Concurrency [in Python]

Thread

Threads are good for IO-bound work. Each python thread maps to a real OS thread. Example:

from concurrent.futures import ThreadPoolExecutor
import time

def download(url: str) -> str:
    time.sleep(1)  # pretend network I/O
    return f"downloaded {url}"

urls = ["a.com", "b.com", "c.com", "d.com"]

with ThreadPoolExecutor(max_workers=4) as executor:
    results = list(executor.map(download, urls))

print(results)

One thread can execute one Python bytecode under GIL. It might help if each thread is a native library run like numpy, but need to benchmark.

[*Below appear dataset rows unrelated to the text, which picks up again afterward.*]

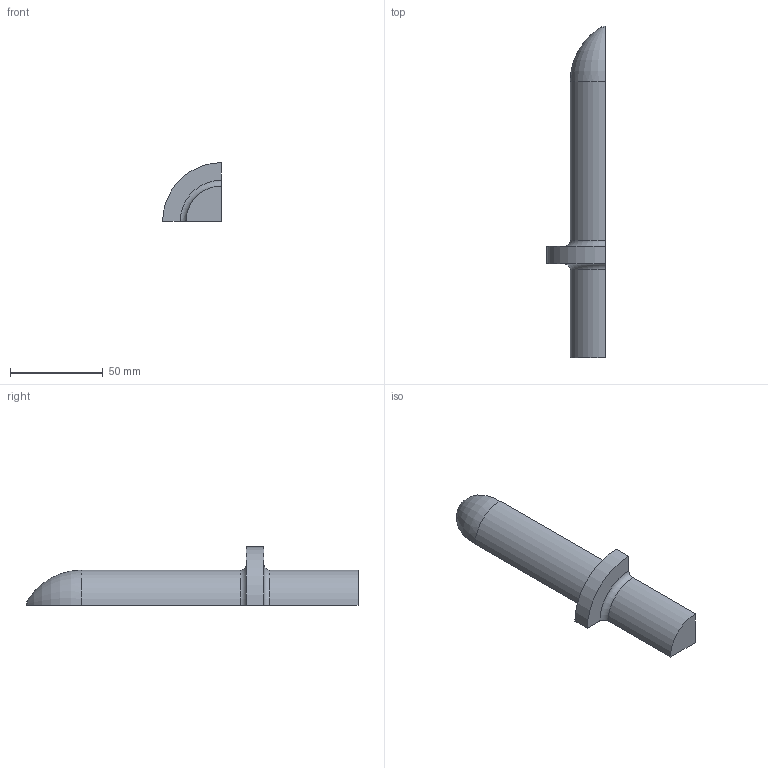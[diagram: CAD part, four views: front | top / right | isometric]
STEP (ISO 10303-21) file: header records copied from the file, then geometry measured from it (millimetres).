
FILE_DESCRIPTION (( 'STEP AP203' ), '1' );
FILE_NAME ('Impact Anvil 2.2.STEP', '2023-03-31T19:26:05', ( '' ), ( '' ), 'SwSTEP 2.0', 'SolidWorks 2022', '' );
FILE_SCHEMA (( 'CONFIG_CONTROL_DESIGN' ));
Length unit declared in the file: inch
Products named in the file (3): Impact Nose; Impact Anvil 2.2; Impact Weight
Assembly tree (2 placements, depth 2):
  Impact Anvil 2.2
    Impact Weight
    Impact Nose
Bounding box: 31.75 x 179.39 x 31.75 mm (x, y, z)
Volume: 51413.8 mm3; surface area: 13820.3 mm2
Topology: 2 solids, 2 shells, 20 faces, 50 edges, 32 vertices
Faces by surface type: plane 9, cylinder 5, torus 3, cone 2, sphere 1
Entity records: 905 total; most frequent: DIRECTION 120, CARTESIAN_POINT 105, ORIENTED_EDGE 96, EDGE_CURVE 48, AXIS2_PLACEMENT_3D 47, VERTEX_POINT 32, VECTOR 26, LINE 26

from concurrent.futures import ThreadPoolExecutor, wait, FIRST_COMPLETED
from urllib.parse import urljoin, urlparse
from bs4 import BeautifulSoup
import requests


class ThreadedCrawler:
    def __init__(self, max_workers=10, max_pages=50):
        self.max_workers = max_workers
        self.max_pages = max_pages
        self.visited = set()

    def fetch(self, url: str) -> str:
        print(f"Fetching: {url}")

        resp = requests.get(
            url,
            timeout=10,
            headers={"User-Agent": "SimpleThreadedCrawler/1.0"},
        )
        resp.raise_for_status()

        content_type = resp.headers.get("content-type", "")
        if "text/html" not in content_type:
            return ""

        return resp.text

    def extract_links(self, base_url: str, html: str) -> list[str]:
        soup = BeautifulSoup(html, "html.parser")
        links = []

        for a in soup.find_all("a", href=True):
            absolute_url = urljoin(base_url, a["href"])
            absolute_url = self.normalize_url(absolute_url)

            if absolute_url:
                links.append(absolute_url)

        return links

    def normalize_url(self, url: str) -> str | None:
        parsed = urlparse(url)

        if parsed.scheme not in ("http", "https"):
            return None

        # Remove fragment: /page#section -> /page
        return parsed._replace(fragment="").geturl()

    def crawl(self, start_url: str) -> set[str]:
        to_visit = [start_url]

        with ThreadPoolExecutor(max_workers=self.max_workers) as executor:
            futures = {}

            while (to_visit or futures) and len(self.visited) < self.max_pages:
                # Submit new work while we have capacity.
                while (
                    to_visit
                    and len(futures) < self.max_workers
                    and len(self.visited) < self.max_pages
                ):
                    url = to_visit.pop()

                    if url in self.visited:
                        continue

                    self.visited.add(url)
                    future = executor.submit(self.fetch, url)
                    futures[future] = url

                if not futures:
                    break

                done, _ = wait(futures, return_when=FIRST_COMPLETED)

                for future in done:
                    url = futures.pop(future)

                    try:
                        html = future.result()
                    except Exception as e:
                        print(f"Failed {url}: {e}")
                        continue

                    for link in self.extract_links(url, html):
                        if link not in self.visited:
                            to_visit.append(link)

        return self.visited


if __name__ == "__main__":
    crawler = ThreadedCrawler(max_workers=10, max_pages=30)
    visited = crawler.crawl("https://example.com")

    print("\nVisited:")
    for url in visited:
        print(url)

AsyncIO

asyncio scales better with lower overhead.

import asyncio
import aiohttp
from bs4 import BeautifulSoup
from urllib.parse import urljoin

class AsyncCrawler:
    def __init__(self, max_concurrency=20):
        self.visited = set()
        self.queue = asyncio.Queue()
        self.sem = asyncio.Semaphore(max_concurrency)

    async def fetch(self, session, url):
        async with self.sem:
            async with session.get(url, timeout=10) as resp:
                if resp.status != 200:
                    return ""
                return await resp.text()

    def extract_links(self, base_url, html):
        soup = BeautifulSoup(html, "html.parser")
        links = []

        for a in soup.find_all("a", href=True):
            links.append(urljoin(base_url, a["href"]))

        return links

    async def worker(self, session):
        while True:
            url = await self.queue.get()

            if url in self.visited:
                self.queue.task_done()
                continue

            self.visited.add(url)

            try:
                html = await self.fetch(session, url)
                for link in self.extract_links(url, html):
                    if link not in self.visited:
                        await self.queue.put(link)
            except Exception as e:
                print(f"failed {url}: {e}")
            finally:
                self.queue.task_done()

    async def crawl(self, start_url, num_workers=10):
        await self.queue.put(start_url)

        async with aiohttp.ClientSession() as session:
            workers = [
                asyncio.create_task(self.worker(session))
                for _ in range(num_workers)
            ]

            await self.queue.join()

            for w in workers:
                w.cancel()

Process

Good for CPU-heavy processes to utilize more cores. Threads will be interrupted by OS preemptive scheduling, but AsyncIO switch is cooperative at await points.